DAILY EATING SCHEDULE
These are timing guidelines (not fasting rules):
Eat all meals within an 8–10 hour daytime window. Finish your last meal 2–3 hours before bed. Only water, mineral water, or herbal tea outside the window. Black coffee or plain green tea only in the morning (optional).
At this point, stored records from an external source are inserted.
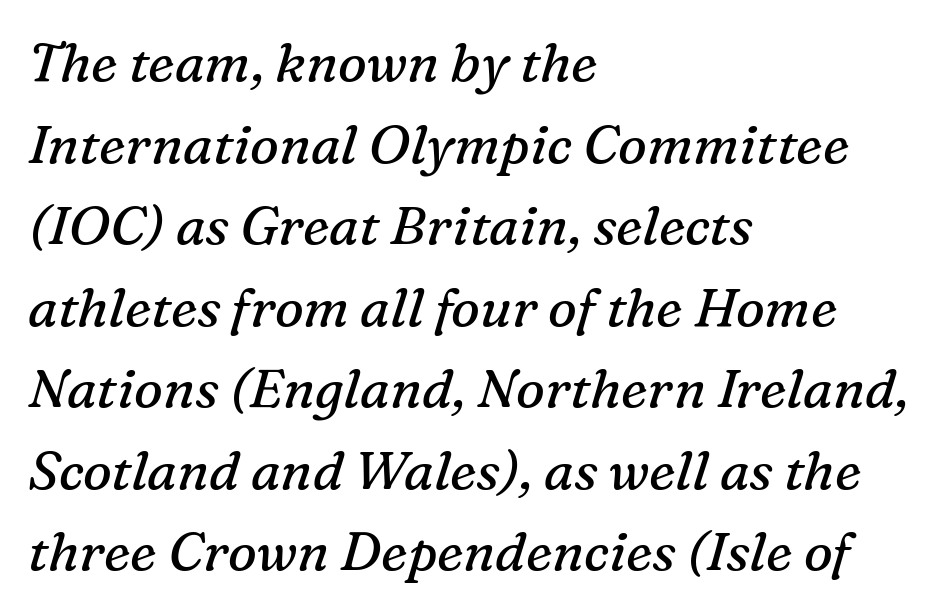
The image shows 54 px regular-weight serif type, italic (leaning right); set left-aligned, normal line spacing (1.51x), normal letter spacing, not underlined; medium stroke contrast and a medium x-height.
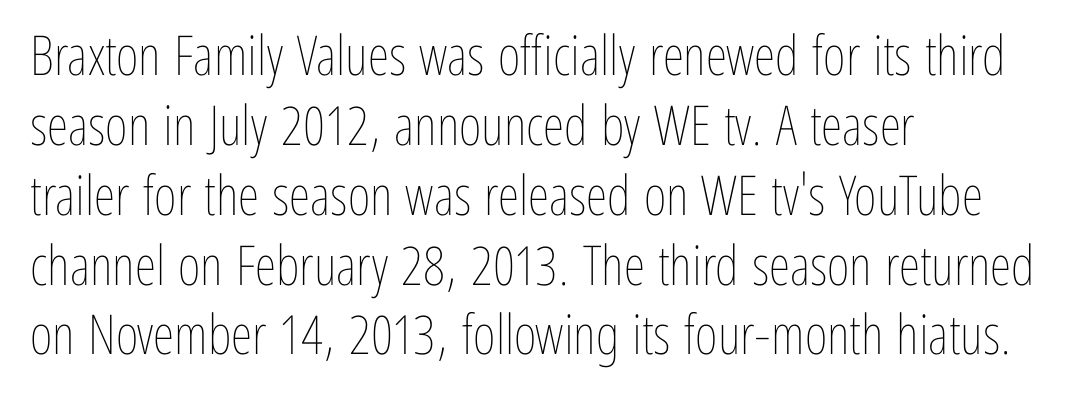
The image shows 55 px thin, condensed type, upright; set left-aligned, normal line spacing (1.27x), normal letter spacing, not underlined; low stroke contrast and a medium x-height.
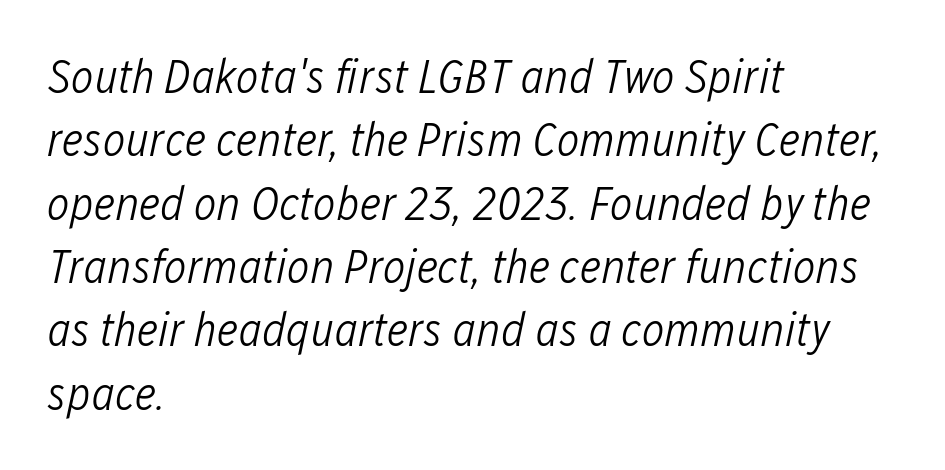
Q: Is the text bold? A: No.
Q: Is the text italic (slanted)? A: Yes, it leans right by about 12 degrees.
Q: Is the text underlined? A: No.
Q: How is the paragraph aligned? A: Left-aligned.
Q: Is the spacing between letters normal or unusually wide? A: Normal.
Q: Is the spacing between lines tight, normal or loose? A: Normal.
Q: Width (condensed, normal, or wide)? A: Condensed.
Q: Stroke contrast? A: Low.
Q: x-height? A: Medium.
Q: Monospaced? A: No.

21-DAY STRUCTURE: PLAN A / PLAN B MEALS
There are two nutritional structures used throughout the 21 days: Plan A and Plan B. In the appendix, you will find an easy-to-follow daily checklist outlining exactly which plan to use each day, along with space for notes, observations, and progress tracking.
PLAN A DAYS (16 of the 21 days)
Days: 1, 2, 3, 4, 5, 8, 9, 10, 11, 12, 13, 15, 16, 17, 18, 19
Daily structure:
3 meals per day 2 meals: Protein + Non-Starchy Vegetables only 1 meal: Protein + Non-Starchy Vegetables + ONE Complex Carb The one complex carb meal can be ANY meal of the day (ex. breakfast, lunch, or dinner).
PLAN B DAYS (5 of the 21 days)
Days: 6, 7, 14, 20, 21
Daily structure:
3 meals per day 2 meals: Protein + Non-Starchy Vegetables + ONE Complex Carb 1 meal: Protein + Non-Starchy Vegetables only The two complex carb meals can be ANY meal of the day (ex. breakfast, lunch, or dinner).